Die Nachsorge richtet sich nach dem zugrundeliegenden Krankheitsbild und erfolgt unter Berücksichtigung Ihrer speziellen Form der Harnableitung. Nachfolgend werden die Untersuchungen aufgeführt, die in der Nachsorge sinnvoll sein können. Ihr Urologe wird Sie über die Notwendigkeit der Untersuchungen und die Zeitabstände informieren. Neben der individuell notwendigen Tumornachsorge sollten die unten genannten Untersuchungen zur Überprüfung der reibungslosen Funktion der Harnableitung und zur Vorbeugung möglicher Komplikationen durchgeführt werden:

Es sollten regelmäßig Ultraschalluntersuchungen des oberen Harntraktes und der Nieren zum Ausschluss von Abflussstörungen oder Harnsteinen erfolgen, gegebenenfalls sind hierfür auch Röntgenuntersuchungen mit Kontrastmittel (z.B. Ausscheidungsurogramm) notwendig. Die Entleerung der kontinenten Harnableitungen (Ersatzblase oder Bauchnabelblase) sollte regelmäßig überprüft werden. Dieses wird ebenfalls durch Ultraschall- oder Röntgenuntersuchungen kontrolliert. Bei der Enddarmblase sollte alle fünf Jahre eine Dickdarmspiegelung (Coloskopie) erfolgen, um die Dickdarmschleimhaut zu beurteilen. Die Nierenwerte und die Blutsalze (Elektrolyte) werden durch Blutuntersuchungen bestimmt, um die Ausscheidungsfunktion der Nieren zu überprüfen. Die regelmäßige Durchführung der Blutgasanalysen hilft, eine Übersäuerung des Blutes zu erkennen und frühzeitig zu behandeln.
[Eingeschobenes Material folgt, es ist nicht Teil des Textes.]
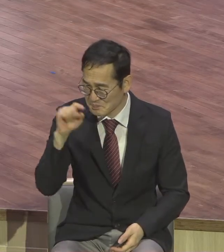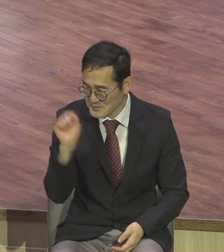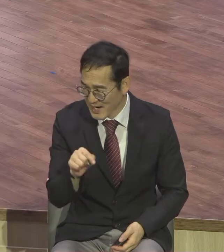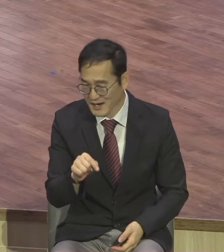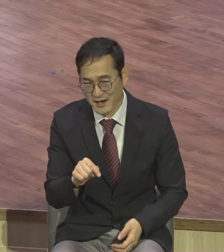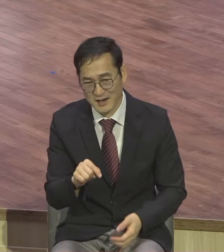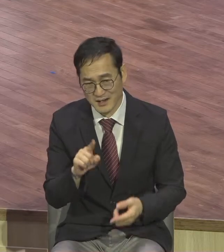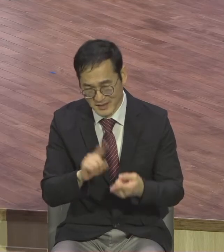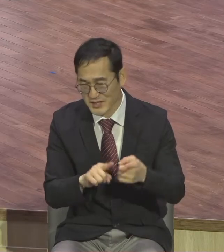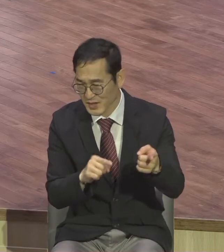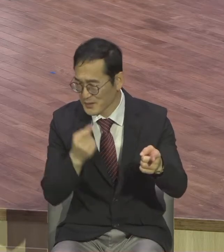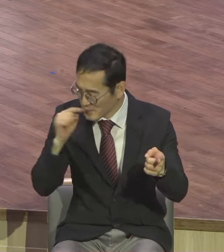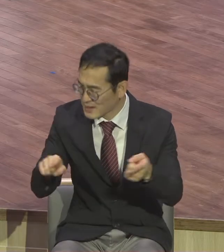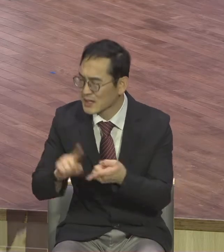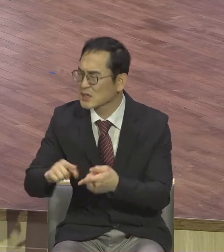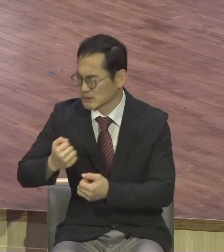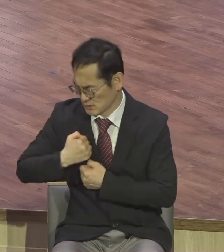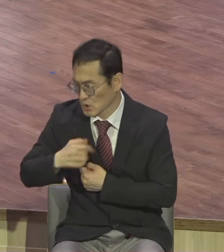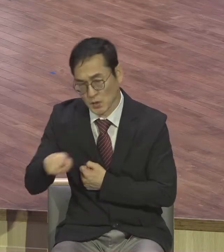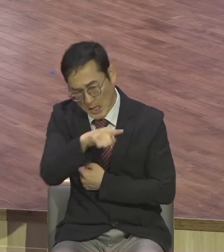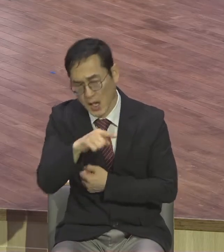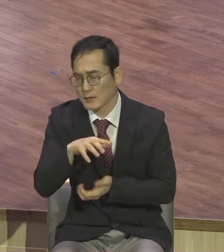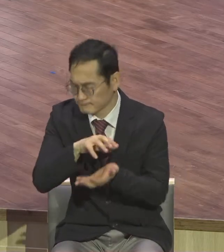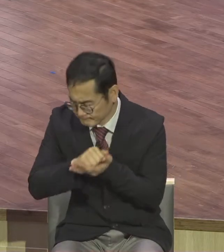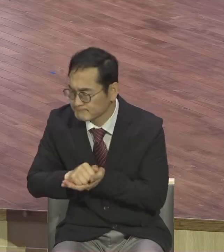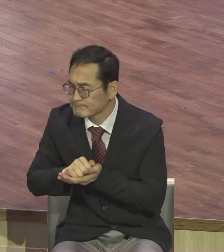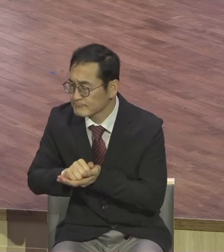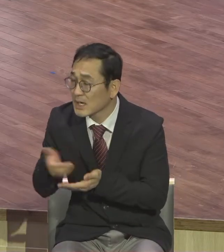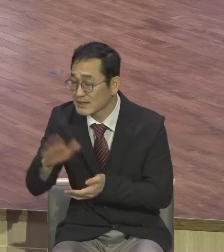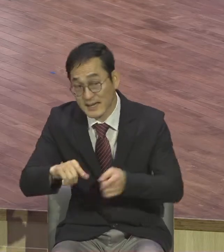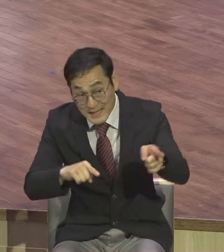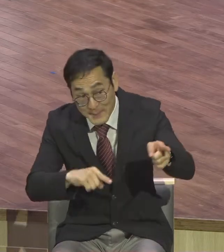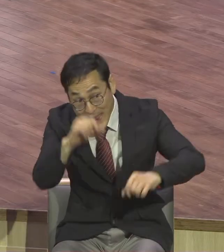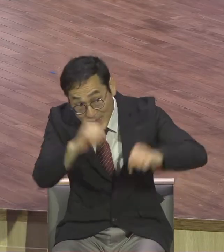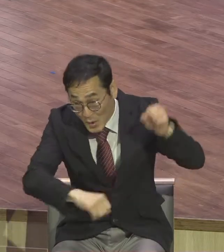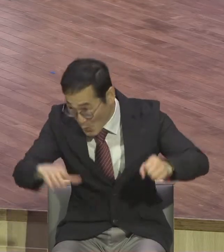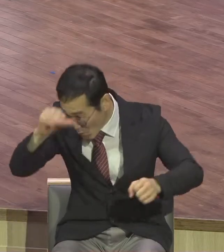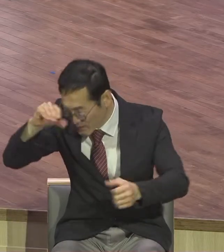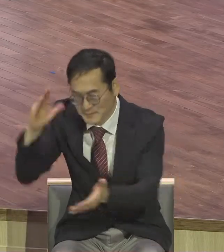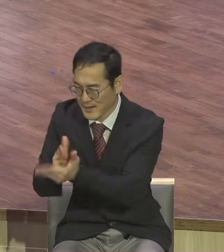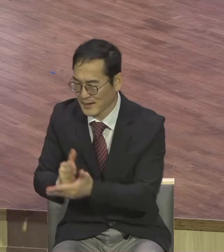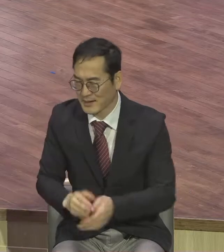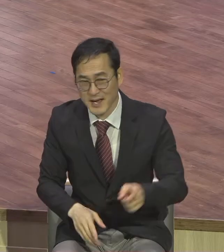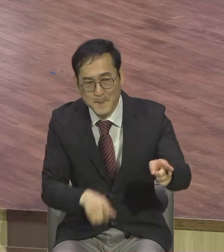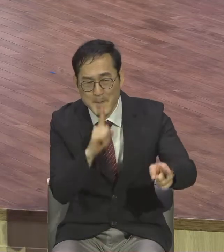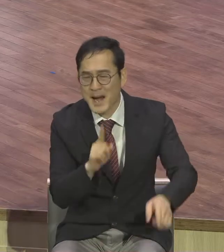지키되 그들이 하는 행위는 본받지 말라 그들은 말만 하고 행하지 아니하며
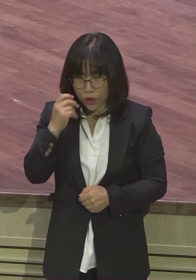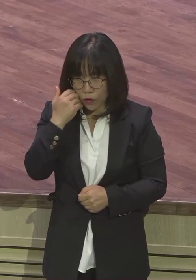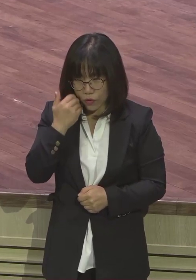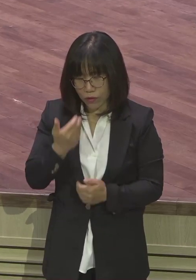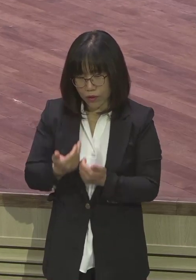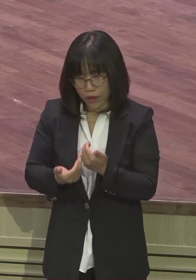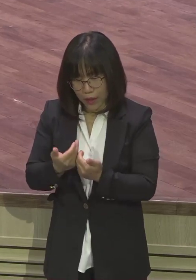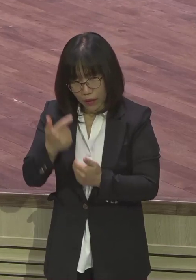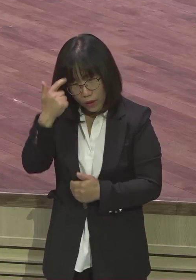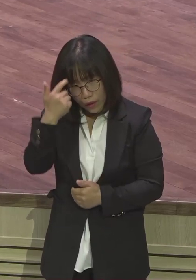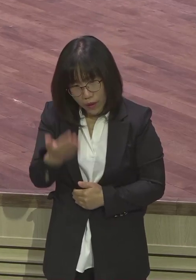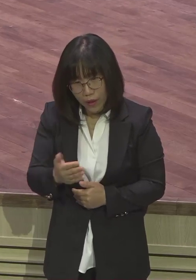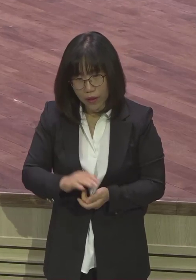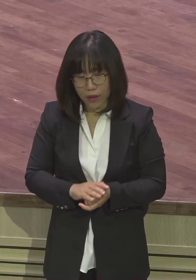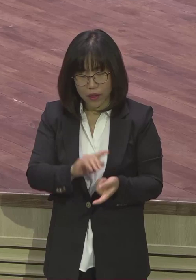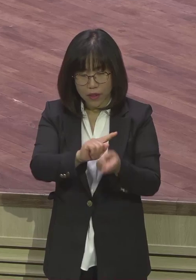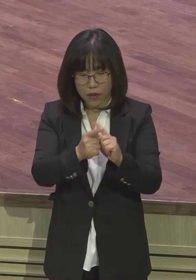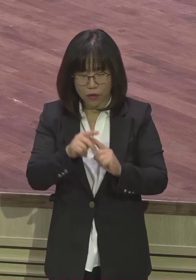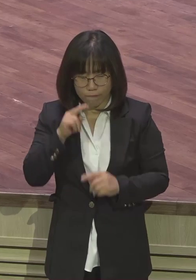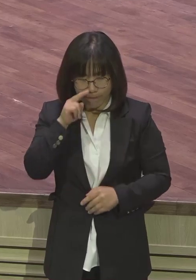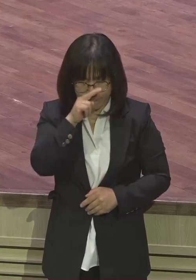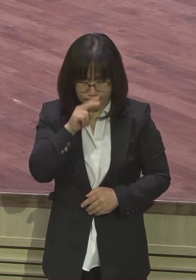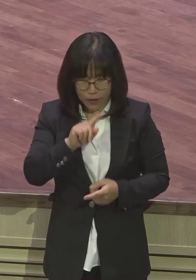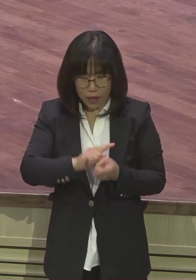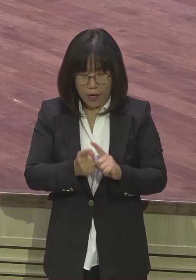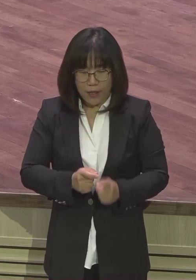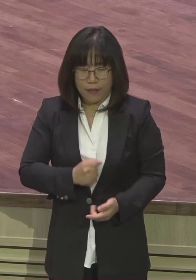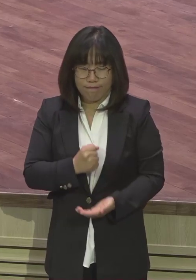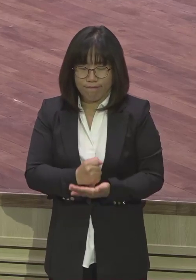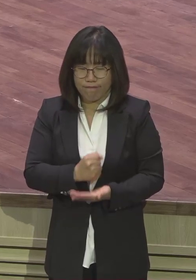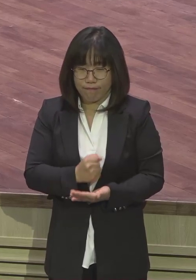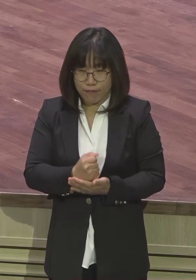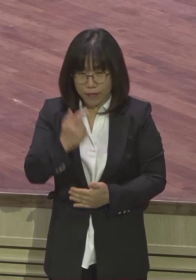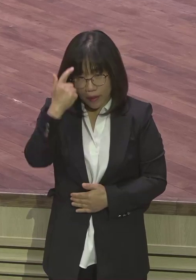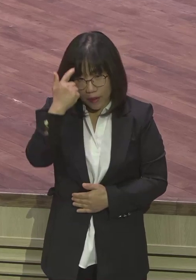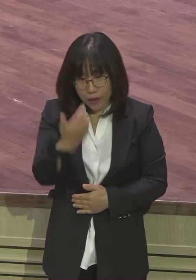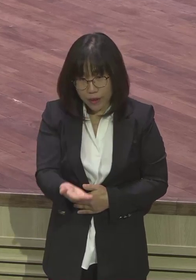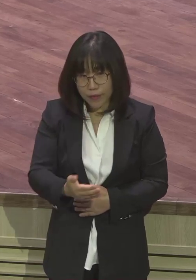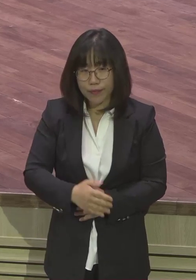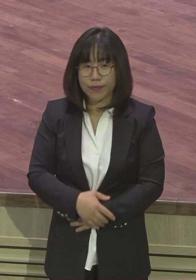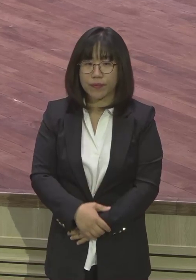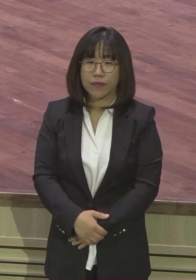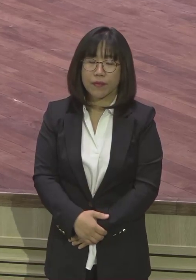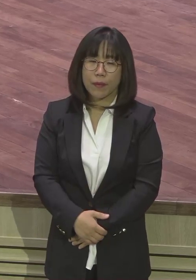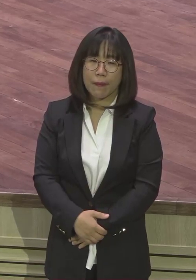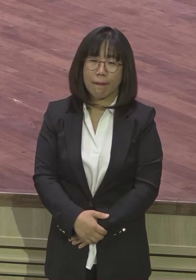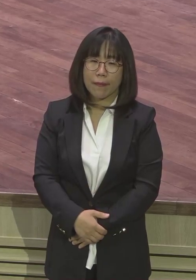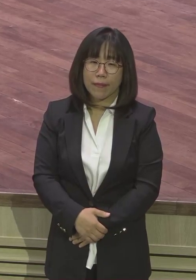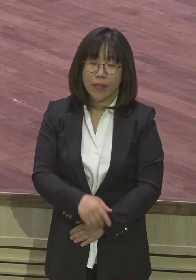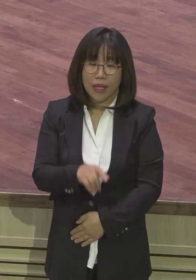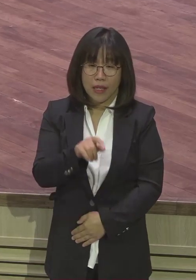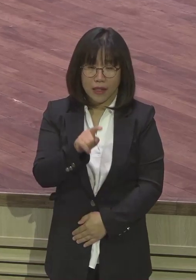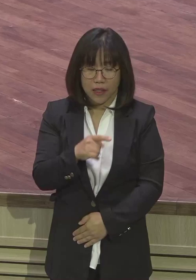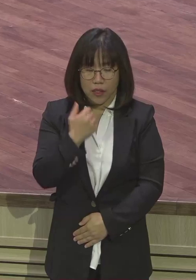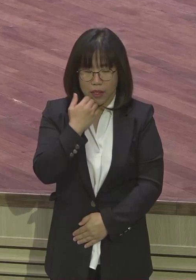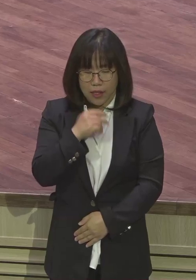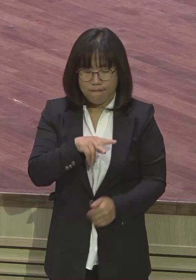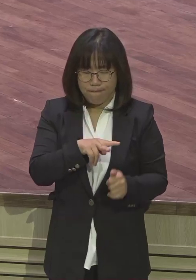시기하고 그렇게 욕하고 비방하는 삶이 있습니까? 그거는요. 하나님의 뜻과 교획에 전혀 안 맞아요.

Bei den Urinkontrollen ist zu beachten, dass sich immer Bakterien in den aus Darmanteilen gebildeten Harnableitungen befinden. Erst wenn neben den Bakterien auch eine deutlich vermehrte Anzahl von Entzündungszellen (weisse Blutkörperchen oder Leukozyten) zu finden ist, kann eine Therapie mit Antibiotika sinnvoll bzw. erforderlich sein.